January 27,2015 13:28

And this is what makes life interesting

On the days of tragedy in Gyumri, I was reading “condemning” and “moral inquisition” resembling posts on the Facebook about why we are smiling, why we are photographing, why we you going to cafés  and so on. It seems to me that it is a wrong approach. Each one takes his grief in his own way. Similarly, each one contacts his relatives in his own way, spends his leisure in his own way, loves his favorite music and watches the films which he likes. None of us can assume the role of the judge and say this is right and this is wrong.

The vast majority of the population in Armenia (in fact, not only elderly women and not only in the kitchen) spends most of the day by discussing someone else’s life.

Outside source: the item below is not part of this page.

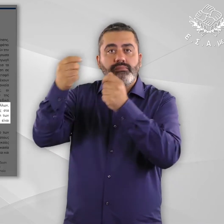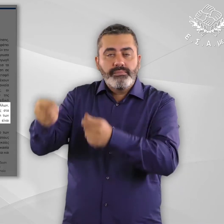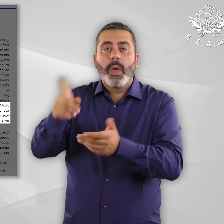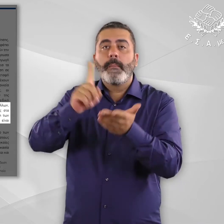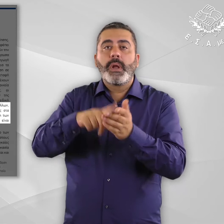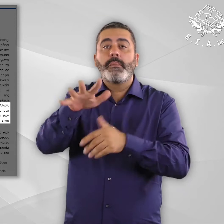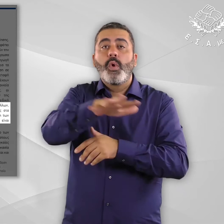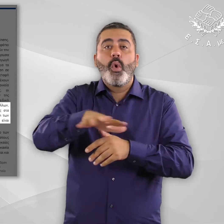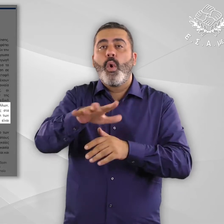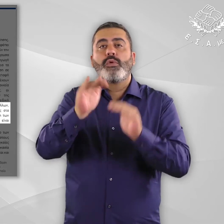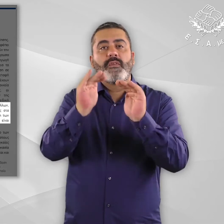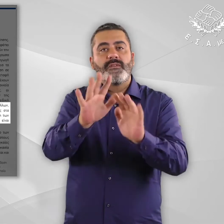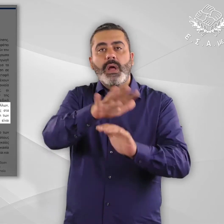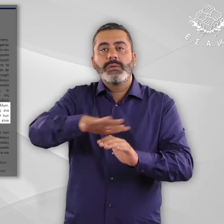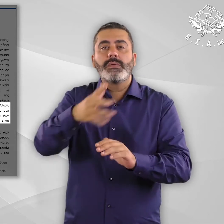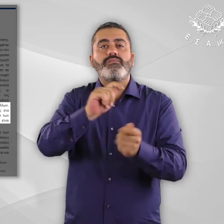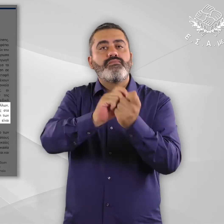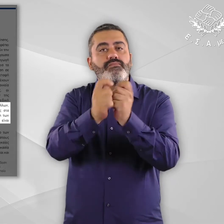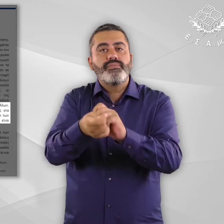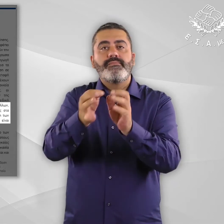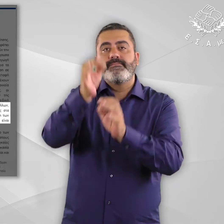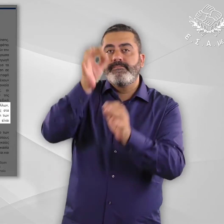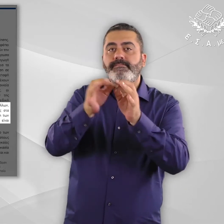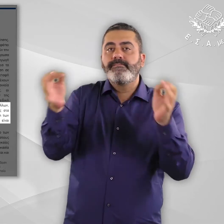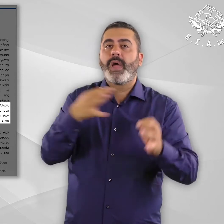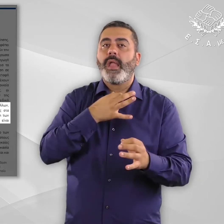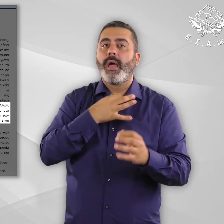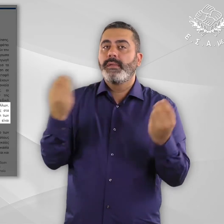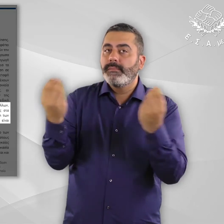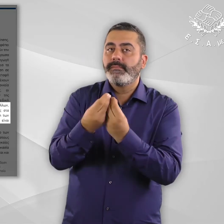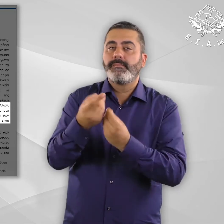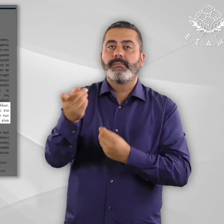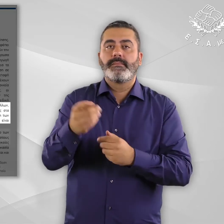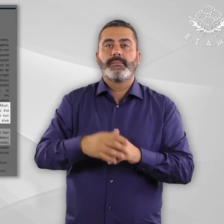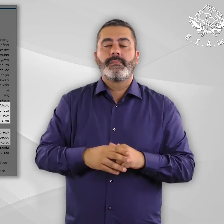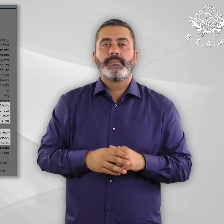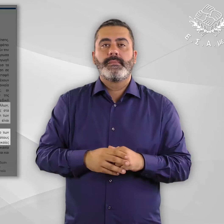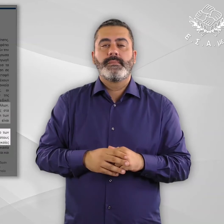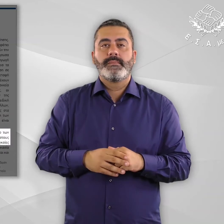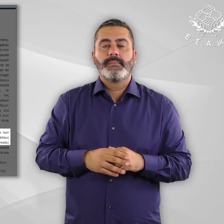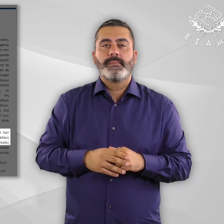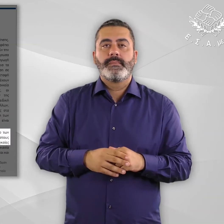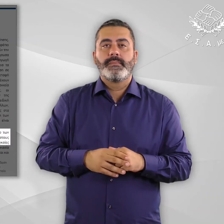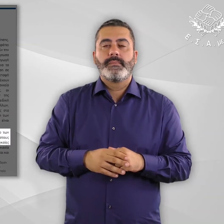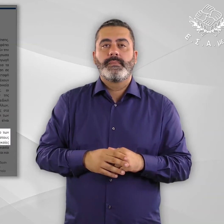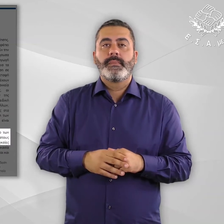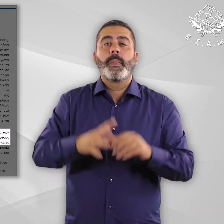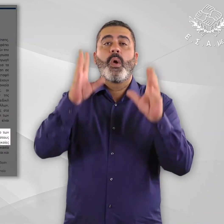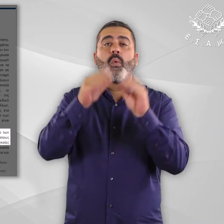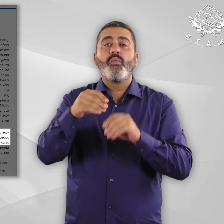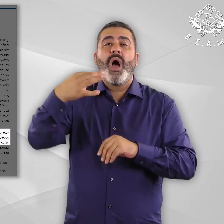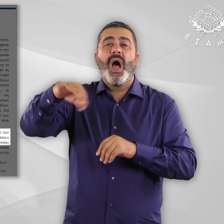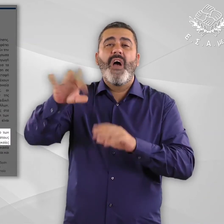σχετικών διαδικασιών, οι οποίοι θα πρέπει να είναι προσαρμοσμένοι στις ανάγκες των ευάλωτων ομάδων. Η εκτίμηση της

In Europe, people are more restrained. Especially, in the north. In Finland, for example, people can gather around the table and be silent, it is not a tradition there “to share grieves and sorrows.” You can meet with people in the cafés who are sitting at different tables and are silent. And since there like throughout the Europe it is accepted to respect the right for private life, no one tries to approach and start conversation. Finns also bear the suffering in silence. This courage helped them to bear Russian domination with dignity, many bloody wars, as well as unfavorable weather conditions. Berthold Friedrich Brecht ironically wrote about the Finns that they “were silent in two languages” at the railway station. Meaning, Finnish and Swedish.

I should note that being silent for some time, the vow of silence not just in western but also in eastern systems is considered a means of mental and even physical therapy. For example, Ayurveda, the Indian traditional medicine, recommends making a vow of silence for some time for gaining energy. The idea of vow of silence also exists in Christianity, both in direct meaning by focusing on divinity, and figuratively by refraining from certain topics. Here, such topics should be considered the person’s private life, family relationships, innermost feelings, if given person does not show initiative of his own to talk on such topics.

But if the Europeans do not poke their noses into one another’s private life, it does not mean that they are not friendly towards each other. On the contrary, they are too friendly, but only when the person in front expresses a desire for you to stretch out your hand to him. This is done in solid and systematic way, at personal and social level. School, community, church and various NGOs organize this assistance so that the “beneficiaries” are not obligated to anyone and do not have to express a public thank you to the “great benefactors”.

Personal and family matters are discussed not among neighbors and relatives by “chatter boxing” but with psychologists. Thus, limiting the number of those who have access to people’s personal lives, on the other hand, those who need it communicate with people who have professional skills.

By gossiping, discussing and condemning, we willy-nilly want to impose our ideas about life and our standards to people. And this, ultimately, makes the reality poor. Should all people were alike, it would be possible to substitute one with the other. While individuality, as it is known, is irreplaceable.